To whatever degree the peat soften's the water,the water you use for water changes might be very different = stress for the fishes.
You would in my humble opinion need same/same for tank water and change water to not have substantial changes within the tank at each water change.


----------



## nel (Jan 23, 2016)

To know if peat moss can help you lower your pH, we need to know your KH, it's buffering the pH and peat moss won't help much with KH.


----------



## archangelvk (Dec 17, 2015)

roadmaster said:


> To whatever degree the peat soften's the water,the water you use for water changes might be very different = stress for the fishes.
> You would in my humble opinion need same/same for tank water and change water to not have substantial changes within the tank at each water change.


Ha ! I was wondering that... cuz if I were to lower my ph but my tap water is hard, that would stress the fish out every water change unless I had some buckets sitting there with peat in it for the week before my water change...... so basically dont do it?

Bump:


nel said:


> To know if peat moss can help you lower your pH, we need to know your KH, it's buffering the pH and peat moss won't help much with KH.
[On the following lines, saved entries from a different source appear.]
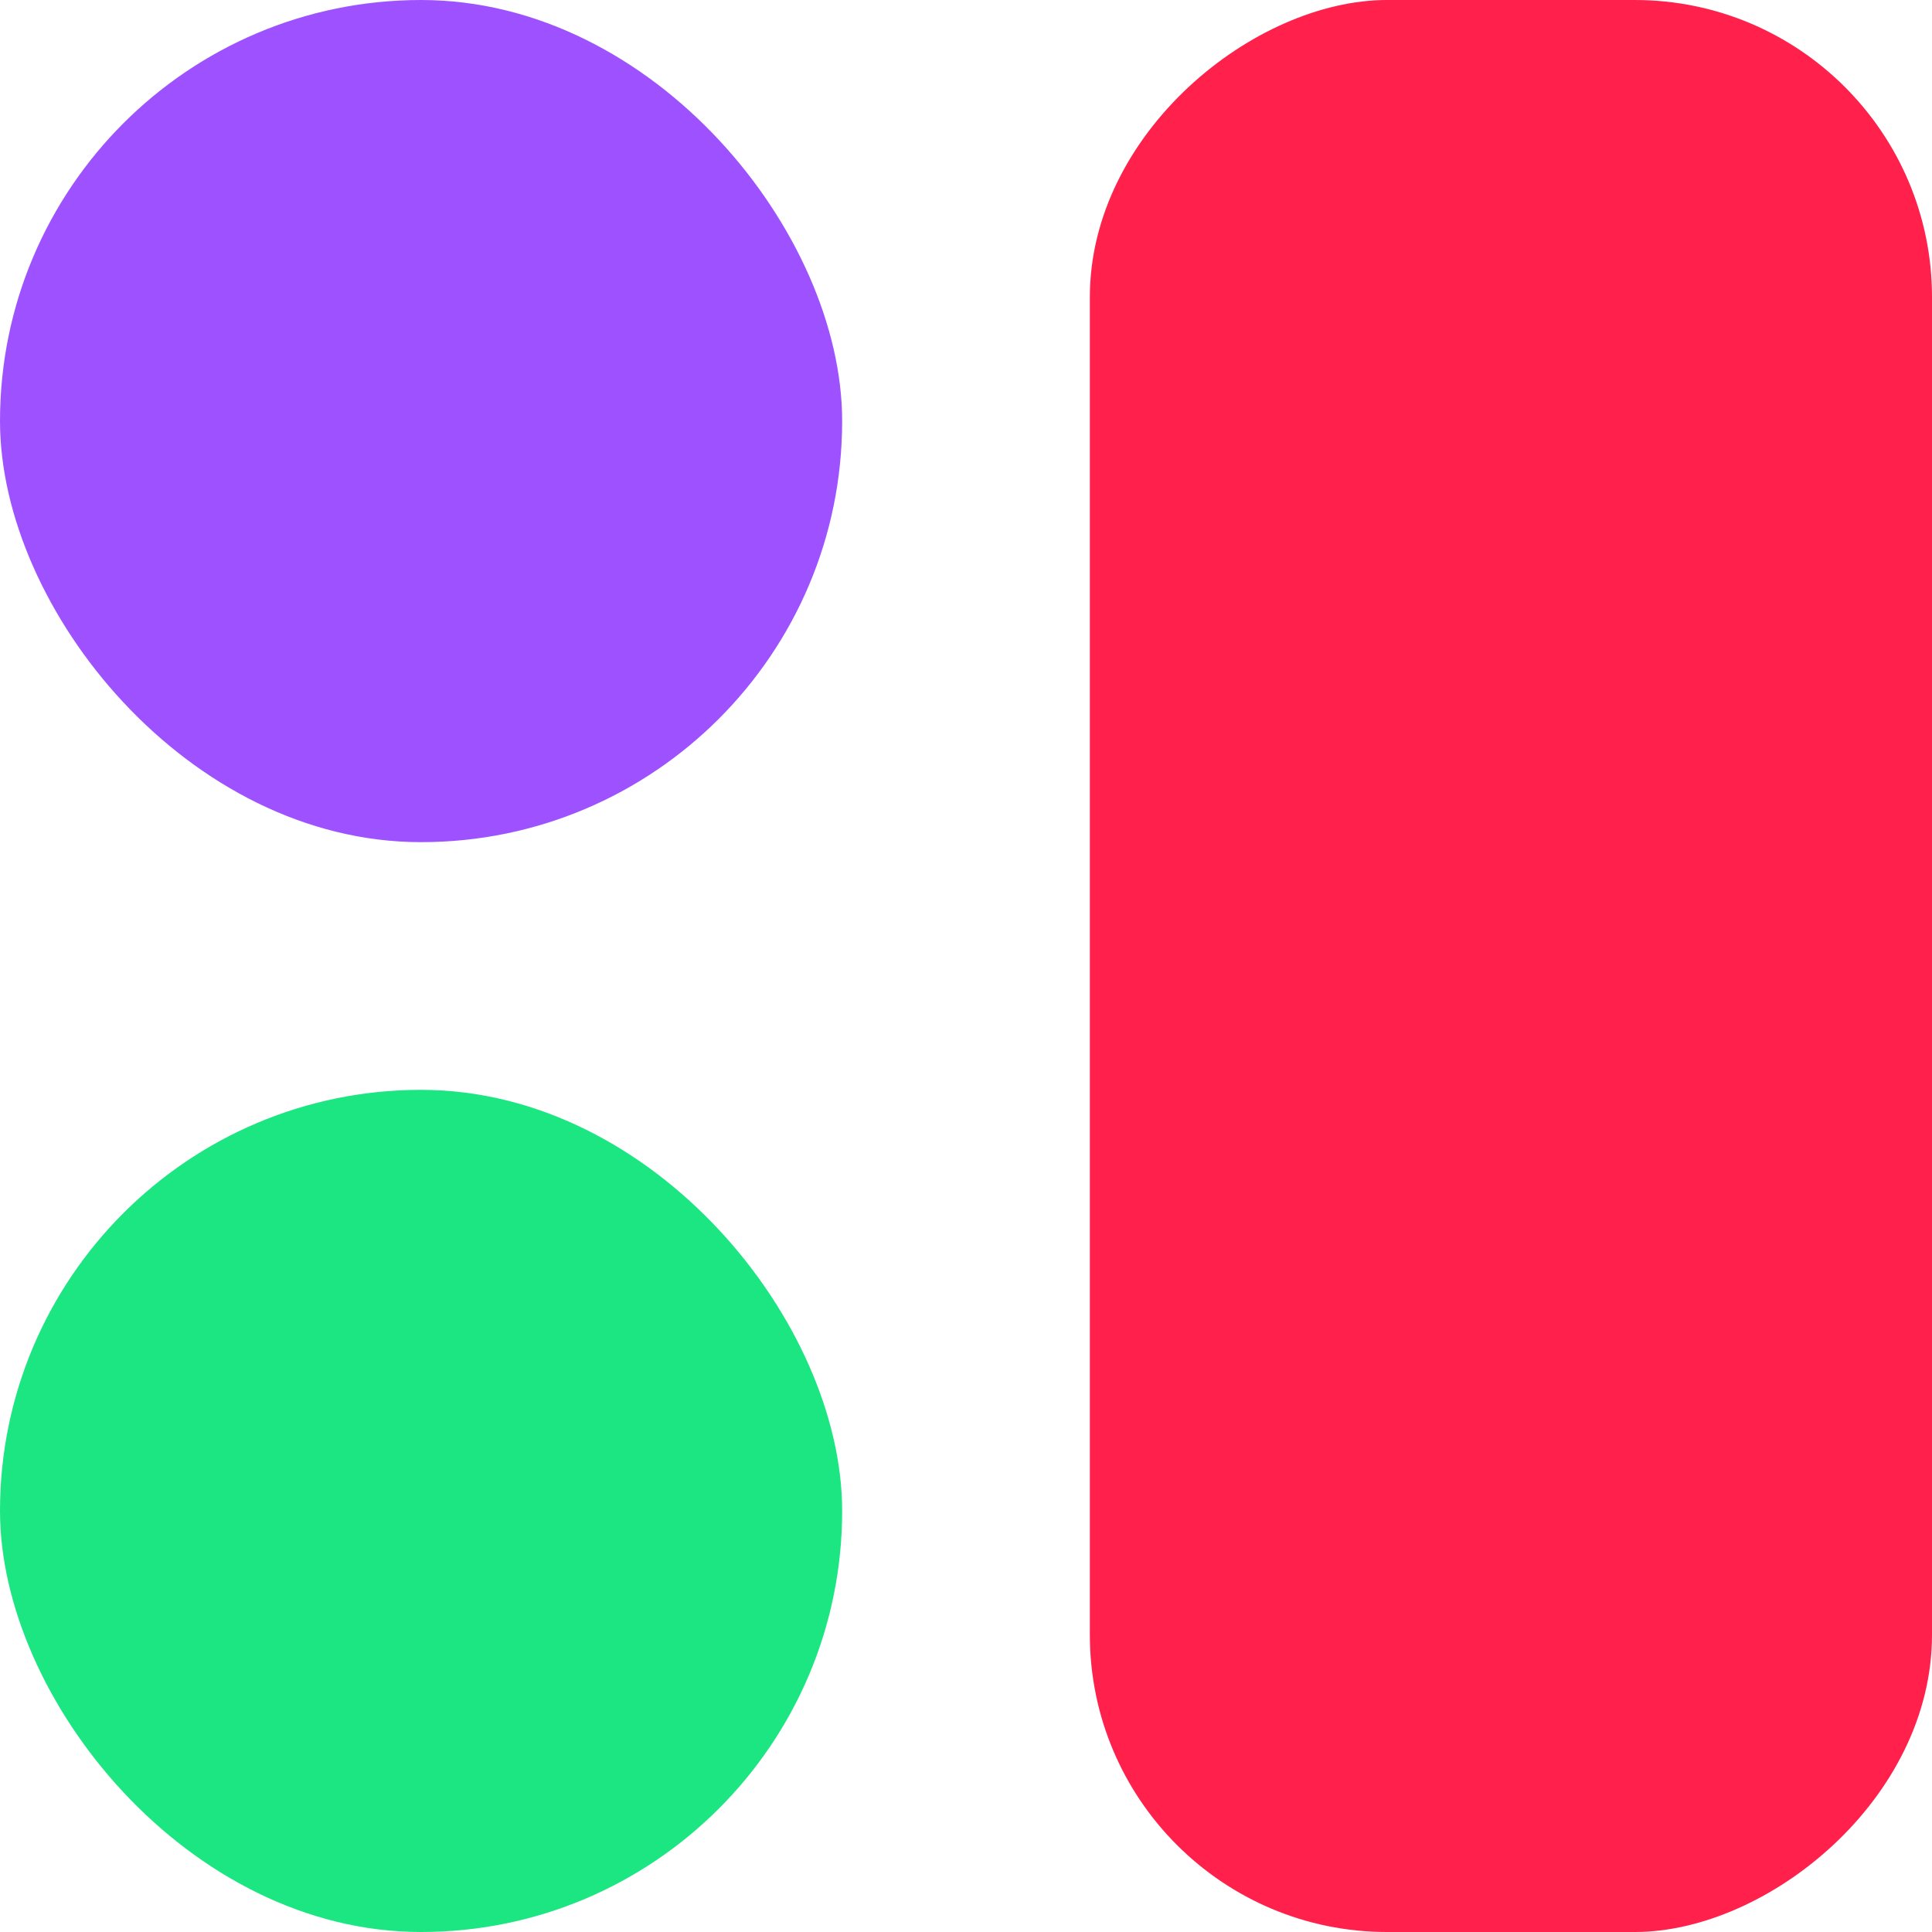 <?xml version="1.0" encoding="utf-8"?>
<svg xmlns="http://www.w3.org/2000/svg" height="39" viewBox="0 0 39 39" width="39">
  <g data-name="Group 272" id="Group_272" transform="translate(-391 -918)">
    <rect data-name="Rectangle 889" fill="#1ce681" height="17" id="Rectangle_889" rx="8.5" transform="translate(391 940)" width="17"/>
    <rect data-name="Rectangle 892" fill="#9e52ff" height="17" id="Rectangle_892" rx="8.5" transform="translate(391 918)" width="17"/>
    <rect data-name="Rectangle 891" fill="#ff204b" height="17" id="Rectangle_891" rx="6" transform="translate(430 918) rotate(90)" width="39"/>
  </g>
</svg>

My water Parameters are ....

KH = 3 degrees 
GH = 6 degrees 
PH = 7.8 

This is according to the API test kits that I use, and this is also several tests.


----------



## nel (Jan 23, 2016)

It's a nice low KH you've got there! I would set up a tank/container for water changes, put there a power head with peat moss in a pantyhose (or anything else) and use it for your tank. You need to experiment with how much and for how long you can use your peat moss. Don't use it in your main tank - as roadmaster stated - you need same water for water changes as is in your tank.


----------



## MtAnimals (May 17, 2015)

I used to use it in an hob and just let it run to soften water to get my angels to spawn...water I was using at the time was rock hard and ph over 8.The only time I preconditioned it was for fry tanks,in which case I'd run it for a day or so and then use it for small water changes.I'm using it right now(peat pellets for less discoloration) to raise cardinals and BN plecs.

I agree there is a possibility of a shock when doing water changes.Maybe you could run a 10 gallon out of the way somewhere like under the stand for prepping water?


----------



## archangelvk (Dec 17, 2015)

nel said:


> It's a nice low KH you've got there! I would set up a tank/container for water changes, put there a power head with peat moss in a pantyhose (or anything else) and use it for your tank. You need to experiment with how much and for how long you can use your peat moss. Don't use it in your main tank - as roadmaster stated - you need same water for water changes as is in your tank.


Okay I have a plan, let me know if it`ll work. I have an extra 10G that I use as a quarantine tank. Since its not in use, I will fill the aquaclear 20 full of peat moss and just let it run. I will use that water for my 23G breeding tank`s water changes each week. The 23G will run as normal. But heres the problem. I change around 30% of water each week. Will the new water that I add to my 10G each week change ph/soften the water fast enough (from 7.8-6.5/7) in a weeks time? I thought peat moss works really slowly?

Well speak of the evil. My female laid her first batch of eggs today. They won't survive will they given the water parameters I have?


----------



## Eric Mraz (May 17, 2016)

Hatching & Raising the Fry - Freshwater Cichlis Breeder | SomeFin's Fishy Look at this website, the owners grow all there fish in ph7.5 water. Hope this helps.


----------



## archangelvk (Dec 17, 2015)

eric mraz said:


> hatching & raising the fry - freshwater cichlis breeder | somefin's fishy look at this website, the owners grow all there fish in ph7.5 water. Hope this helps.


amazing site ! Thanks !!!!


----------



## archangelvk (Dec 17, 2015)

Today at 5 pm i looked at the eggs were still there. by 8pm all the eggs were gone. Guess the female ate them. But Why? A quick question. How do you do WC with eggs/fry in the tank? Will it spook them when I do my weekly 30% change or do I just do like a 5-10% a day kinda thing? 

P.S Im going to give these Rams another 2 chances before I remove the eggs and try to do it myself.


----------



## Eric Mraz (May 17, 2016)

I never raised rams before, but have angelfish. Most new parents will eat there eggs. Only thing you can do is let them keep trying or take them out to hatch yourself. Water changes are a little tricky with with fry, just have to stay away from them the best way you can, and if you suck one up you can pinch the hose quick to stop it. Using a bucket to drain your water into is a good idea also, if any get through you can just get them out of the bucket. Good luck


----------